I. The Sub-Adviser will maintain all accounts, books and records with respect
to the Portfolio as are required of an investment adviser of a registered
investment company pursuant to the Investment Company Act and Advisers Act and
the rules thereunder and shall file with the SEC all forms pursuant to
Section 13 of the Exchange Act, with respect to its duties as are set forth
herein.
J. Unless and until the Sub-Adviser is otherwise directed by the Adviser or the
Board of Trustees, the Adviser will exercise all rights of security holders
with respect to securities held by the Fund, including, but not limited to:
voting proxies, converting, tendering, exchanging or redeeming securities;
acting as a claimant in class action litigation (including litigation with
- 5 -
respect to securities previously held); and exercising rights in the context of
a bankruptcy or other reorganization. In accordance with the proxy voting
policies and procedures adopted for the Fund by the Trust's Board of Trustees,
the Adviser or the Trust may, from time to time, request that the Sub-Adviser
provide reasonable assistance to the Adviser or the Trust in their
determination of how to vote certain proxies, including taking action with
respect to corporate actions, relating to securities held by the Portfolio.

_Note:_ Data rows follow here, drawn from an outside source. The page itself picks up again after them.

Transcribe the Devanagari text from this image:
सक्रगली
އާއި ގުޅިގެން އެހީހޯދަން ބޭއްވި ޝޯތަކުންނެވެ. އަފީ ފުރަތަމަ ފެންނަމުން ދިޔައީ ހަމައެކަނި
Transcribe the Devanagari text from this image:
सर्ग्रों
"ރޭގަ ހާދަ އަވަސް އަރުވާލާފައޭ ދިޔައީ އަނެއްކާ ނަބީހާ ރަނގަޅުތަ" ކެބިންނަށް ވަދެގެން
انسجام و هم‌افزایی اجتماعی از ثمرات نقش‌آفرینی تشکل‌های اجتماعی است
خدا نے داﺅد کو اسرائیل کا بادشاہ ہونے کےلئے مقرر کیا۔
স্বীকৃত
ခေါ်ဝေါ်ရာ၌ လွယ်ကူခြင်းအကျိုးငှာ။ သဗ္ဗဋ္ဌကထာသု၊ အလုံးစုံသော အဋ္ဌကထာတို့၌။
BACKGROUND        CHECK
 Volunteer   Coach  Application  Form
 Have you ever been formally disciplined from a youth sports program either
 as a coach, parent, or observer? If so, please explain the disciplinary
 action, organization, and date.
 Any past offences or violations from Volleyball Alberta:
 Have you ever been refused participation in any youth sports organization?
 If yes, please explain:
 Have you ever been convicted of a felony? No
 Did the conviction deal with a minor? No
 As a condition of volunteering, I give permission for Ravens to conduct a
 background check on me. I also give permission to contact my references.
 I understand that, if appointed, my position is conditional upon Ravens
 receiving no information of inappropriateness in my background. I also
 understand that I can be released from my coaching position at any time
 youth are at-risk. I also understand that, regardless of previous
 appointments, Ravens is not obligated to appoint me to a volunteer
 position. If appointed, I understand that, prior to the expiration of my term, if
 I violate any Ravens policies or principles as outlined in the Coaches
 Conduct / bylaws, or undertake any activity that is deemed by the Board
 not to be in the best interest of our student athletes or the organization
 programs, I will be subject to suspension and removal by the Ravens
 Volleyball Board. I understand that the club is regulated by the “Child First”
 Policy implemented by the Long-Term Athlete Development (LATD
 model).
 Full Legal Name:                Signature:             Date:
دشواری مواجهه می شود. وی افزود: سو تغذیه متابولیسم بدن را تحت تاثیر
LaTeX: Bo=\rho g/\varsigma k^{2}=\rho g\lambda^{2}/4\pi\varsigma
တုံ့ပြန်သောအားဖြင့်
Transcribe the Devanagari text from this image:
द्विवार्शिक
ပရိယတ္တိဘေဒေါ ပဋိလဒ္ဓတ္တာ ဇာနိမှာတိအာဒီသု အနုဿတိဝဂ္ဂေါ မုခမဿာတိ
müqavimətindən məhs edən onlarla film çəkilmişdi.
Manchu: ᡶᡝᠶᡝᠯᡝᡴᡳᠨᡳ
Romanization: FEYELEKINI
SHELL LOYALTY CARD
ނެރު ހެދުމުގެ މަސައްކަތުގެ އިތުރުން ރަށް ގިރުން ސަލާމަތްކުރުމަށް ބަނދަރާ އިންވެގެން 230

The
Sub-Adviser shall bear no responsibility for making determinations as to how
any proxy should be voted.
K. The Sub-Adviser agrees that it only disclose Portfolio holdings to third
parties with the prior written approval of the Adviser and in compliance with
applicable law.
4. COMPENSATION OF SUB-ADVISER
The Adviser will pay the Sub-Adviser an advisory fee with respect to the
Portfolio as specified in Appendix A to this Agreement. Payments shall be made
to the Sub-Adviser on or about the twentieth day of each month; however, this
advisory fee will be calculated daily for the Portfolio based on the net assets
of the Portfolio on each day and accrued on a daily basis. The Fund shall have
no responsibility for any fee payable to the Sub-Adviser. In the event of
termination of this Agreement, the fee provided in this Section shall be
computed on the basis of the period ending on the last business day on which
this Agreement is in effect subject to a pro rata adjustment based on the
number of days elapsed in the current month as a percentage of the total number
of days in such month.
5. LIABILITY AND INDEMNIFICATION
Except as may otherwise be provided by the Investment Company Act or any other
federal securities law, neither the Sub-Adviser nor any of its officers,
members or employees (its "Affiliates") shall be liable for any losses, claims,
damages, liabilities or litigation (including legal and other expenses)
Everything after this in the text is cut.